Let A be a $n\times n$ real symmetric matrix. Let $\lambda_1$ and $\lambda_2$ have multiplicity 2 and 3, respectively, with eigenvectors $u_1,u_2$ and $v_1,v_2,v_3$, respectively. Define the subspace $$V=\operatorname{span} \left\{ \alpha_1 u_1+\alpha_2 u_2, \beta_1 v_1+ \beta_2 v_2+ \beta_3 v_3 \right\}$$ for some fixed real $\alpha$'s and $\beta$'s. Then for the orthogonal projection matrix $P$ onto $V$ and any $x\in V$ it holds $PAx=Ax$.

It seems to be the case, tough I never saw it anywhere else. Can anyone prove this property?

Answer 1

Indeed, let $x=t(\alpha_1 u_1+\alpha_2 u_2)+s(\beta_1 v_1+ \beta_2 v_2+ \beta_3 v_3) $.

$Ax=t(\alpha_1 Au_1+\alpha_2 Au_2)+s(\beta_1 Av_1+ \beta_2 Av_2+ \beta_3 Av_3) = \lambda_1 t(\alpha_1 u_1+\alpha_2 u_2)+\lambda_2 s(\beta_1 v_1+ \beta_2 v_2+ \beta_3 v_3) \in V$.
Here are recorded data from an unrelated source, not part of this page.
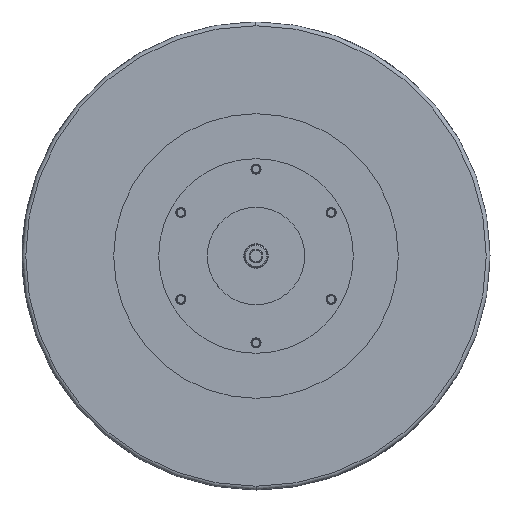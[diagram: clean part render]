
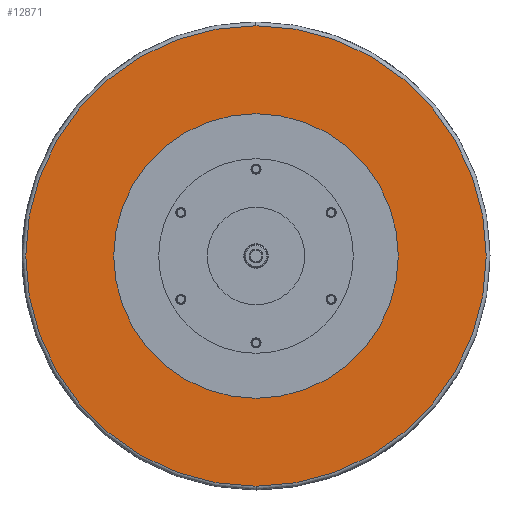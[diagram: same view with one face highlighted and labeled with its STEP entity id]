
A CAD part, left-side view. The second image highlights one B-rep face of the part: STEP entity #12871.
In plain terms, the highlighted planar face has unit normal (-1, 0, 0).
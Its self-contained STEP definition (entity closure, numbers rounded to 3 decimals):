
#846 = DIRECTION ( 'NONE',  ( 1., 0., 0. ) ) ;
#1148 = CIRCLE ( 'NONE', #27942, 615. ) ;
#1635 = ORIENTED_EDGE ( 'NONE', *, *, #22799, .F. ) ;
#1703 = DIRECTION ( 'NONE',  ( 1., 0., 0. ) ) ;
#1721 = CARTESIAN_POINT ( 'NONE',  ( -182., 0., 0. ) ) ;
#2326 = EDGE_CURVE ( 'NONE', #7342, #5850, #18228, .T. ) ;
#2424 = CARTESIAN_POINT ( 'NONE',  ( -182., 0., -380. ) ) ;
#2595 = CARTESIAN_POINT ( 'NONE',  ( -182., 0., 0. ) ) ;
#2979 = CARTESIAN_POINT ( 'NONE',  ( -182., 0., 615. ) ) ;
#4016 = DIRECTION ( 'NONE',  ( 0., 0., -1. ) ) ;
#4877 = DIRECTION ( 'NONE',  ( 0., 0., -1. ) ) ;
#5850 = VERTEX_POINT ( 'NONE', #21910 ) ;
#7342 = VERTEX_POINT ( 'NONE', #2979 ) ;
#8628 = EDGE_LOOP ( 'NONE', ( #11485, #15141 ) ) ;
#8744 = AXIS2_PLACEMENT_3D ( 'NONE', #15330, #1703, #17613 ) ;
#9562 = CARTESIAN_POINT ( 'NONE',  ( -182., 0., 0. ) ) ;
#11485 = ORIENTED_EDGE ( 'NONE', *, *, #28674, .T. ) ;
#11877 = DIRECTION ( 'NONE',  ( 0., 0., 1. ) ) ;
#12871 = ADVANCED_FACE ( 'NONE', ( #15667, #27099 ), #20954, .T. ) ;
#14473 = CARTESIAN_POINT ( 'NONE',  ( -182., 0., 0. ) ) ;
#15141 = ORIENTED_EDGE ( 'NONE', *, *, #23003, .T. ) ;
#15330 = CARTESIAN_POINT ( 'NONE',  ( -182., 0., 0. ) ) ;
#15509 = VERTEX_POINT ( 'NONE', #2424 ) ;
#15667 = FACE_BOUND ( 'NONE', #8628, .T. ) ;
#16098 = AXIS2_PLACEMENT_3D ( 'NONE', #14473, #846, #16758 ) ;
#16280 = ORIENTED_EDGE ( 'NONE', *, *, #2326, .F. ) ;
#16758 = DIRECTION ( 'NONE',  ( 0., 0., -1. ) ) ;
#17613 = DIRECTION ( 'NONE',  ( 0., 0., -1. ) ) ;
#17630 = DIRECTION ( 'NONE',  ( 1., 0., 0. ) ) ;
#18211 = AXIS2_PLACEMENT_3D ( 'NONE', #2595, #18525, #4877 ) ;
#18228 = CIRCLE ( 'NONE', #16098, 615. ) ;
#18525 = DIRECTION ( 'NONE',  ( 1., 0., 0. ) ) ;
#20406 = VERTEX_POINT ( 'NONE', #29164 ) ;
#20954 = PLANE ( 'NONE',  #21217 ) ;
#21217 = AXIS2_PLACEMENT_3D ( 'NONE', #9562, #25538, #11877 ) ;
#21910 = CARTESIAN_POINT ( 'NONE',  ( -182., 0., -615. ) ) ;
#22799 = EDGE_CURVE ( 'NONE', #5850, #7342, #1148, .T. ) ;
#23003 = EDGE_CURVE ( 'NONE', #20406, #15509, #27152, .T. ) ;
#25085 = CIRCLE ( 'NONE', #8744, 380. ) ;
#25538 = DIRECTION ( 'NONE',  ( -1., 0., 0. ) ) ;
#27099 = FACE_OUTER_BOUND ( 'NONE', #28710, .T. ) ;
#27152 = CIRCLE ( 'NONE', #18211, 380. ) ;
#27942 = AXIS2_PLACEMENT_3D ( 'NONE', #1721, #17630, #4016 ) ;
#28674 = EDGE_CURVE ( 'NONE', #15509, #20406, #25085, .T. ) ;
#28710 = EDGE_LOOP ( 'NONE', ( #1635, #16280 ) ) ;
#29164 = CARTESIAN_POINT ( 'NONE',  ( -182., 0., 380. ) ) ;

Thus, $PAx\in V$, which implies $PAx=Ax$.

Answer 2

This is true. Hints to prove it:

1. Show or recall that for $\mathbf{v}\in\Bbb{R}^{n}$ and $W$ any subspace of $\Bbb{R}^{n}$, if $P$ is the matrix for orthogonal projection onto $W$, we have $P\mathbf{v}=\mathbf{v}$ if and only if $\mathbf{v}\in W$.

2. Show that if $\mathbf{x}\in V$, then $A\mathbf{x}\in V$.